Al escribir en 2008 mi libro El derecho a la democracia, desarrollo del discurso con el que me incorporo a la Academia de Derecho y Ciencias Sociales de Buenos Aires, dejo atrás la visión procedimental o instrumental de la misma democracia como mecanismo para la organización del poder. Las luces de mi amarga experiencia con el referéndum revocatorio de 2004 en Venezuela y su forzado desenlace «utilitario» de manos del Centro Carter, acompañado por los gobiernos extranjeros que tres años antes habían suscrito la Carta Democrática Interamericana, fueron laboratorio propicio y experimental.
Le doy pivote a la idea seminal del «derecho humano a la democracia», entendiéndola como experiencia de vida personal y ciudadana. Intento aprehenderla dentro de la idea de la nación, que en América es ajena a la perversa desviación europea de los nacionalismos.
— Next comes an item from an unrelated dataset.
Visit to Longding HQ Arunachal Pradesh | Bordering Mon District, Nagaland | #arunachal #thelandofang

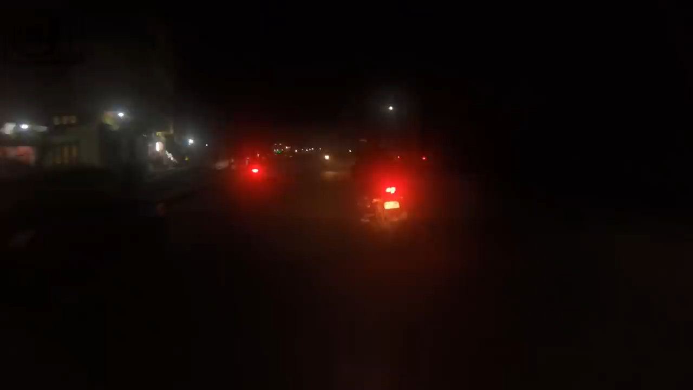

La entiendo como categoría cultural integradora, que armoniza y despliega la diversidad sin volverla rompecabezas y apenas la totaliza, para lo ciudadano, bajo la premisa de que todos a uno – lo decía Miguel J. Sanz – hemos de ser libres como debe serlo.
Miro al Estado, por ende, como un ropaje de circunstancia, casa de citas de élites políticas y económicas que se retroalimentan para servirse a sí, pero cuyo cuerpo real lo constituyen «lugarizaciones» e historias humanas varias, ciudades distintas que le dan vida a una nación. “Una civilización es ante todo un urbanismo”, recuerda Octavio Paz.
El expresidente Valentín Paniagua, conductor de la transición en Perú, a propósito de mis reflexiones en el señalado libro me observa la afectación grave que ya acusan los estándares históricos de la democracia renovados en la Carta de 2001 y que describo con soportes jurisprudenciales.
Estimaba él, con lucidez, los efectos deconstructivos inevitables y coetáneos al reacomodo global que suscitaba no tanto el agotamiento del modelo soviético – que ha sido contracara y espejo-contrapeso – sino el ingreso de la Humanidad a la civilización digital y cuántica. De suyo quedaban comprometidas las bases espaciales y temporales del ejercicio del poder y del desempeño tenido por la política a lo largo de la milenaria historia de los hombres y de los pueblos. En Occidente, justamente, más ha dominado el Leviatán como artificio que las esencias de su mestizaje cultural e Inter temporal recogidas en los espacios-ciudades que las agregan. Aquél las diluye y condena.
Hasta el tema de la paz lo perturba el «quiebre epocal». Provoca divisiones en las voluntades de los Estados, al punto que cabe referir lo que presencio en 1999 como cabeza del Comité de Redacción de la UNESCO sobre el derecho humano a la paz convocado por Federico Mayor Zaragoza. El texto nace de un consenso racional práctico y una ética de mínimos universales. Es la obra del catedrático de Estrasburgo Karel Vasak, el excanciller uruguayo Héctor Gros Espiell, el juez hindú de la Corte Internacional de Justicia Raymond Ranjeva, el director del Instituto Noruego de Derechos Humanos Asbjørn Eide, el recién fallecido juez de la Haya Augusto Cançado Trindade, con quienes me encuentro previamente en Oslo.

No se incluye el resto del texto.